I had been out of the game for awhile, and I needed to get a new agent, which began the miserable process of being rejected. I was rejected very quickly by three agents right off the bat. Then I was told to try a big agent at a big agency. Within a week, I got an email from her, and it said something like, “Oh my God, love your voice. Big fan of Animal Husbandry, blah, blah, blah.” And she basically went on to say, this is not the book to resuscitate your career. I wonder if she actually said it’s cringe-worthy. She basically begged, please do not publish this book.
I wanted to just die, reading an email like that after trying so hard. I just thought, “Oh my God, this is never going to happen.” I called my friend who is in publishing, and I told him what happened and said, “You have to tell me if this book is terrible. You have to be honest with me.” He told me it was good and that I should try another agent. Two weeks later, I get an email that essentially says the exact opposite of the one that crushed me.
And so my point is not to brag that I got the great email, but to say this is what it’s like, where you get two completely different emails in the span of two or three weeks. One says it’s a disaster, begging you, don’t publish this book, it’s so awful. The other one is saying, oh my God, this is the book, I’m dying to read the book, I’m dying to share with my female friends, blah, blah, blah. How do you justify those two completely opposite opinions? Somehow you have to not curl up in a ball after the first one. I knew when I read that first email, that I didn’t agree with her. I’m not going to say I was not completely unhinged by it, but I also sort of felt like, no, she’s wrong. Or she’s just not necessarily right. When you’re writing your own stuff, you have to figure out when to listen to criticism because people can make you better. And you also have to know when to say that someone is wrong, and you are going to trust your own sense of things. And that’s really hard to do because I’ve been wrong so often.
Was there something to be gained from those miserable years in the wilderness?
When you’re in the wilderness, you just don’t really believe it’s ever going to end, and you somehow have to move forward anyway.
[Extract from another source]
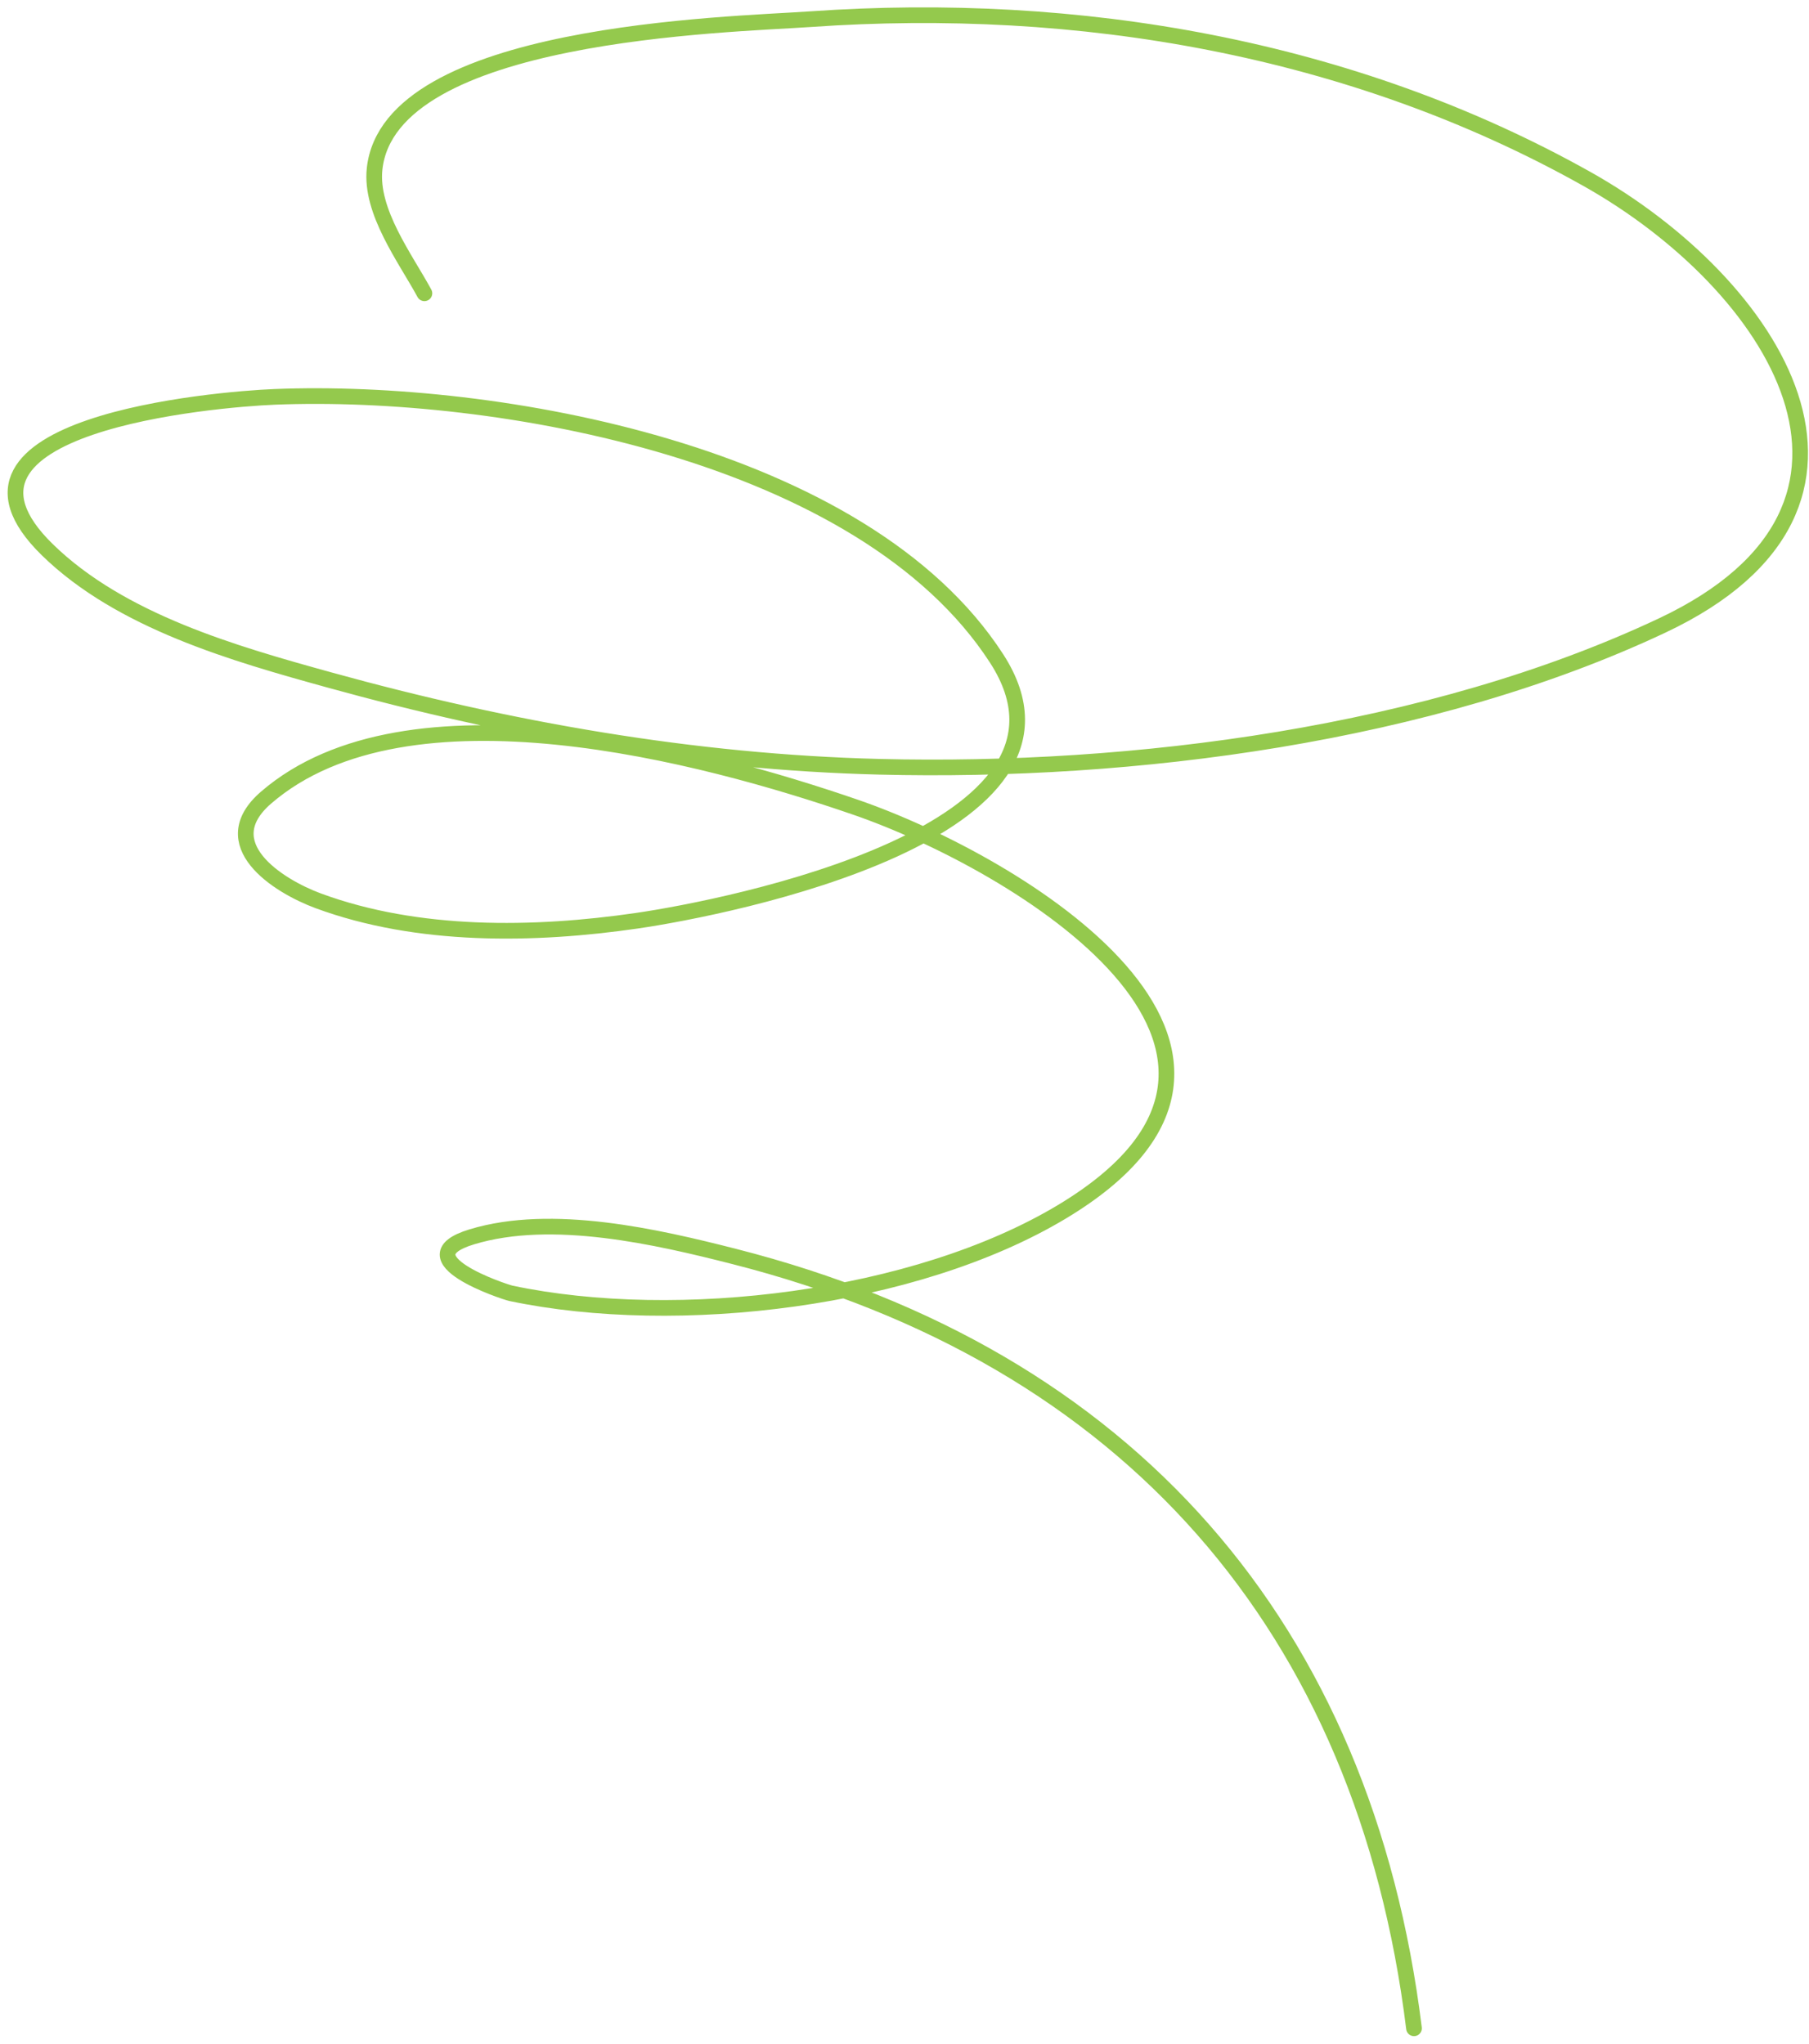 <?xml version="1.0" encoding="UTF-8"?> <svg xmlns="http://www.w3.org/2000/svg" width="231" height="261" viewBox="0 0 231 261" fill="none"> <path d="M54.195 37.456C51.758 32.969 47.246 27.009 47.834 21.564C49.725 4.037 92.968 3.185 103.536 2.446C137.55 0.067 172.559 5.971 202.631 22.847C226.465 36.223 244.96 64.478 212.229 79.89C182.573 93.855 144.674 98.73 112.276 97.921C88.582 97.33 64.949 93.164 42.122 86.852C29.97 83.491 15.428 79.371 6.042 70.201C-10.296 54.238 27.385 50.988 35.096 50.681C63.303 49.558 110.208 57.731 127.265 84.097C141.606 106.264 93.006 115.886 81.314 117.584C68.179 119.491 53.348 119.732 40.644 115.042C35.407 113.108 27.14 107.766 33.974 101.86C52.055 86.234 89.906 96.421 109.244 103.086C129.82 110.177 169.825 134.196 135.606 154.747C116.874 165.996 86.538 169.643 65.257 165.167C64.374 164.982 51.357 160.656 60.241 157.954C70.492 154.837 83.9 157.948 93.752 160.458C144.083 173.281 174.256 207.878 180.56 259.026" stroke="#94C94D" stroke-width="2" stroke-linecap="round"></path> </svg>

After nine years of not publishing anything, not writing a novel, it took nine years for me to say, okay, I want to try again. And then it took another few years after that to finish. And it could have turned out where I didn’t sell a book. But the wilderness gave me my main character and gave me all the plot points, because even though it’s obviously a fictionalized version of things that I’ve experienced, those things are just imprinted on me, all the loss and all the little moments of joy. And I think the big moments of loss—those moments of joy are just so much more meaningful, because they’re in relief against those other things. So many people get to this point where they’re struggling and they don’t believe they’ll ever get out. I don’t know if I’m out for good, but I’m out for now and that feels triumphant, this little step back into what I’ve missed for so long.
This interview has been edited for length and clarity.